* [WORK ITEM]: What appears in the data must be reproduced exactly.
RECORDS FOR THE TASK below:
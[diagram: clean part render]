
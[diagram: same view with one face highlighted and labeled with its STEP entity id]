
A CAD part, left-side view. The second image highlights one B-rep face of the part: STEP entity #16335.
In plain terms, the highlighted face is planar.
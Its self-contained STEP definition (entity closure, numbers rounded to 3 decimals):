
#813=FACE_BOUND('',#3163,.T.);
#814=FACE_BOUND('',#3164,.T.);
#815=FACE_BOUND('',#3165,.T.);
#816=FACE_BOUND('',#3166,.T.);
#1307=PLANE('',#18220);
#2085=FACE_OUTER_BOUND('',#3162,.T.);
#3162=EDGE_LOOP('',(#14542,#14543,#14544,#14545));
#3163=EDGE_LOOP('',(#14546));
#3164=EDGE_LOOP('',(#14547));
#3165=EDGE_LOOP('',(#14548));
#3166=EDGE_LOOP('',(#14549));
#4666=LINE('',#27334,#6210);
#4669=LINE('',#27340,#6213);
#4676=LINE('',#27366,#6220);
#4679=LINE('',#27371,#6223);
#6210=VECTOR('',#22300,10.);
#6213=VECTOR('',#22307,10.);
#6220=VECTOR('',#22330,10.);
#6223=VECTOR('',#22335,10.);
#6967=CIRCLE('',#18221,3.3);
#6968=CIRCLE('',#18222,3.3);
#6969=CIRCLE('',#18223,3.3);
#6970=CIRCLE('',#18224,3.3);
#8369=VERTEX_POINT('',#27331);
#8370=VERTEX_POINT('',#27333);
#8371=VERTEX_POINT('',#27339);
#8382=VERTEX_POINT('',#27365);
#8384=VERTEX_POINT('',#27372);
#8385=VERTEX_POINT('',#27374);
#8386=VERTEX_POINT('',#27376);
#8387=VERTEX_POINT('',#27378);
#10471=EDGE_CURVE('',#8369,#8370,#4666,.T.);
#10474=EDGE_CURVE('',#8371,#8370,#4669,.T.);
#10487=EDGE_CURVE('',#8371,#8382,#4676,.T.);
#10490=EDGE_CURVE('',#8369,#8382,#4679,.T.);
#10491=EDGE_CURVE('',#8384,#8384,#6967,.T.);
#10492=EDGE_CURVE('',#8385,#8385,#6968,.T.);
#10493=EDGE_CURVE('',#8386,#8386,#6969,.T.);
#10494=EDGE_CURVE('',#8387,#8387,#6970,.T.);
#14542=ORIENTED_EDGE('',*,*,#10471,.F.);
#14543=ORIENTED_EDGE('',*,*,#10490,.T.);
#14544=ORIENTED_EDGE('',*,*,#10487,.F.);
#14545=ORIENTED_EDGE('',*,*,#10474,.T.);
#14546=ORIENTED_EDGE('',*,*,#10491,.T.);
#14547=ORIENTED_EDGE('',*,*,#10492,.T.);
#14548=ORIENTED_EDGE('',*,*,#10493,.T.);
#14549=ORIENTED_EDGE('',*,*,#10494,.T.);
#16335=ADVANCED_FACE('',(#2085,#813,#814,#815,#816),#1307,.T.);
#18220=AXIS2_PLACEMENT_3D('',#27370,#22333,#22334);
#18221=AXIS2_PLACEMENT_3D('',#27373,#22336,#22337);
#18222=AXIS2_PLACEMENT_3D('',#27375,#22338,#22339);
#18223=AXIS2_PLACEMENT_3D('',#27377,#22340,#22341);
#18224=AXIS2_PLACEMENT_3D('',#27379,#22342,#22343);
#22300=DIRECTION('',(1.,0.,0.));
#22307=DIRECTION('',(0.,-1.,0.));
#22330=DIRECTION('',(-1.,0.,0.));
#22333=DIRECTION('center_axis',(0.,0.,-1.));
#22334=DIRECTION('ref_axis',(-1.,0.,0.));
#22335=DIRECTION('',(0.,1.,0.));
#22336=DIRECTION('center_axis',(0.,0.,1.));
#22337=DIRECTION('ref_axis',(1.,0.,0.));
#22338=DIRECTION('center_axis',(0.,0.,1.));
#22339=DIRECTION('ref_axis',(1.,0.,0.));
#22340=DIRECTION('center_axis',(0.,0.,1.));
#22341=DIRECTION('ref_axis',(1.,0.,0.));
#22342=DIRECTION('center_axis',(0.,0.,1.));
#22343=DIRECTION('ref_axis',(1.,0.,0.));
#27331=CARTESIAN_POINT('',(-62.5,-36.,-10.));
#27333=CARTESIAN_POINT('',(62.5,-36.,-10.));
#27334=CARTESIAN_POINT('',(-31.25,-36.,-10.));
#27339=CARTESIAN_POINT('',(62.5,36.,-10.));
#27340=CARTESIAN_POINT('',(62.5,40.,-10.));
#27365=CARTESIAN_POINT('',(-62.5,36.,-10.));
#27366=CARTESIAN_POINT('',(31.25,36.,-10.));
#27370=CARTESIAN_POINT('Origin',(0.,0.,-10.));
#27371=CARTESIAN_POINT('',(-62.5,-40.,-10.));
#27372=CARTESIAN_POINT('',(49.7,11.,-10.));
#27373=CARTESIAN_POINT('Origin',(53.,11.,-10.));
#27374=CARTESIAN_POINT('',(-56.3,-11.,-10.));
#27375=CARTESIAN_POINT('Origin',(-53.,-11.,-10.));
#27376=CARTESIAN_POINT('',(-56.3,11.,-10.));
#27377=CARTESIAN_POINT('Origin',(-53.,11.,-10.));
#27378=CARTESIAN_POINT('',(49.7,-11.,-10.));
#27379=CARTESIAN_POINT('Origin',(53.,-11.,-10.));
End of RECORDS FOR THE TASK.
* [WORKED SOLUTION]:
[diagram: clean part render]
[diagram: same view with one face highlighted and labeled with its STEP entity id]
A CAD part, left-side view. The second image highlights one B-rep face of the part: STEP entity #16335.
In plain terms, the highlighted face is planar.
Its self-contained STEP definition (entity closure, numbers rounded to 3 decimals):
#813=FACE_BOUND('',#3163,.T.);
#814=FACE_BOUND('',#3164,.T.);
#815=FACE_BOUND('',#3165,.T.);
#816=FACE_BOUND('',#3166,.T.);
#1307=PLANE('',#18220);
#2085=FACE_OUTER_BOUND('',#3162,.T.);
#3162=EDGE_LOOP('',(#14542,#14543,#14544,#14545));
#3163=EDGE_LOOP('',(#14546));
#3164=EDGE_LOOP('',(#14547));
#3165=EDGE_LOOP('',(#14548));
#3166=EDGE_LOOP('',(#14549));
#4666=LINE('',#27334,#6210);
#4669=LINE('',#27340,#6213);
#4676=LINE('',#27366,#6220);
#4679=LINE('',#27371,#6223);
#6210=VECTOR('',#22300,10.);
#6213=VECTOR('',#22307,10.);
#6220=VECTOR('',#22330,10.);
#6223=VECTOR('',#22335,10.);
#6967=CIRCLE('',#18221,3.3);
#6968=CIRCLE('',#18222,3.3);
#6969=CIRCLE('',#18223,3.3);
#6970=CIRCLE('',#18224,3.3);
#8369=VERTEX_POINT('',#27331);
#8370=VERTEX_POINT('',#27333);
#8371=VERTEX_POINT('',#27339);
#8382=VERTEX_POINT('',#27365);
#8384=VERTEX_POINT('',#27372);
#8385=VERTEX_POINT('',#27374);
#8386=VERTEX_POINT('',#27376);
#8387=VERTEX_POINT('',#27378);
#10471=EDGE_CURVE('',#8369,#8370,#4666,.T.);
#10474=EDGE_CURVE('',#8371,#8370,#4669,.T.);
#10487=EDGE_CURVE('',#8371,#8382,#4676,.T.);
#10490=EDGE_CURVE('',#8369,#8382,#4679,.T.);
#10491=EDGE_CURVE('',#8384,#8384,#6967,.T.);
#10492=EDGE_CURVE('',#8385,#8385,#6968,.T.);
#10493=EDGE_CURVE('',#8386,#8386,#6969,.T.);
#10494=EDGE_CURVE('',#8387,#8387,#6970,.T.);
#14542=ORIENTED_EDGE('',*,*,#10471,.F.);
#14543=ORIENTED_EDGE('',*,*,#10490,.T.);
#14544=ORIENTED_EDGE('',*,*,#10487,.F.);
#14545=ORIENTED_EDGE('',*,*,#10474,.T.);
#14546=ORIENTED_EDGE('',*,*,#10491,.T.);
#14547=ORIENTED_EDGE('',*,*,#10492,.T.);
#14548=ORIENTED_EDGE('',*,*,#10493,.T.);
#14549=ORIENTED_EDGE('',*,*,#10494,.T.);
#16335=ADVANCED_FACE('',(#2085,#813,#814,#815,#816),#1307,.T.);
#18220=AXIS2_PLACEMENT_3D('',#27370,#22333,#22334);
#18221=AXIS2_PLACEMENT_3D('',#27373,#22336,#22337);
#18222=AXIS2_PLACEMENT_3D('',#27375,#22338,#22339);
#18223=AXIS2_PLACEMENT_3D('',#27377,#22340,#22341);
#18224=AXIS2_PLACEMENT_3D('',#27379,#22342,#22343);
#22300=DIRECTION('',(1.,0.,0.));
#22307=DIRECTION('',(0.,-1.,0.));
#22330=DIRECTION('',(-1.,0.,0.));
#22333=DIRECTION('center_axis',(0.,0.,-1.));
#22334=DIRECTION('ref_axis',(-1.,0.,0.));
#22335=DIRECTION('',(0.,1.,0.));
#22336=DIRECTION('center_axis',(0.,0.,1.));
#22337=DIRECTION('ref_axis',(1.,0.,0.));
#22338=DIRECTION('center_axis',(0.,0.,1.));
#22339=DIRECTION('ref_axis',(1.,0.,0.));
#22340=DIRECTION('center_axis',(0.,0.,1.));
#22341=DIRECTION('ref_axis',(1.,0.,0.));
#22342=DIRECTION('center_axis',(0.,0.,1.));
#22343=DIRECTION('ref_axis',(1.,0.,0.));
#27331=CARTESIAN_POINT('',(-62.5,-36.,-10.));
#27333=CARTESIAN_POINT('',(62.5,-36.,-10.));
#27334=CARTESIAN_POINT('',(-31.25,-36.,-10.));
#27339=CARTESIAN_POINT('',(62.5,36.,-10.));
#27340=CARTESIAN_POINT('',(62.5,40.,-10.));
#27365=CARTESIAN_POINT('',(-62.5,36.,-10.));
#27366=CARTESIAN_POINT('',(31.25,36.,-10.));
#27370=CARTESIAN_POINT('Origin',(0.,0.,-10.));
#27371=CARTESIAN_POINT('',(-62.5,-40.,-10.));
#27372=CARTESIAN_POINT('',(49.7,11.,-10.));
#27373=CARTESIAN_POINT('Origin',(53.,11.,-10.));
#27374=CARTESIAN_POINT('',(-56.3,-11.,-10.));
#27375=CARTESIAN_POINT('Origin',(-53.,-11.,-10.));
#27376=CARTESIAN_POINT('',(-56.3,11.,-10.));
#27377=CARTESIAN_POINT('Origin',(-53.,11.,-10.));
#27378=CARTESIAN_POINT('',(49.7,-11.,-10.));
#27379=CARTESIAN_POINT('Origin',(53.,-11.,-10.));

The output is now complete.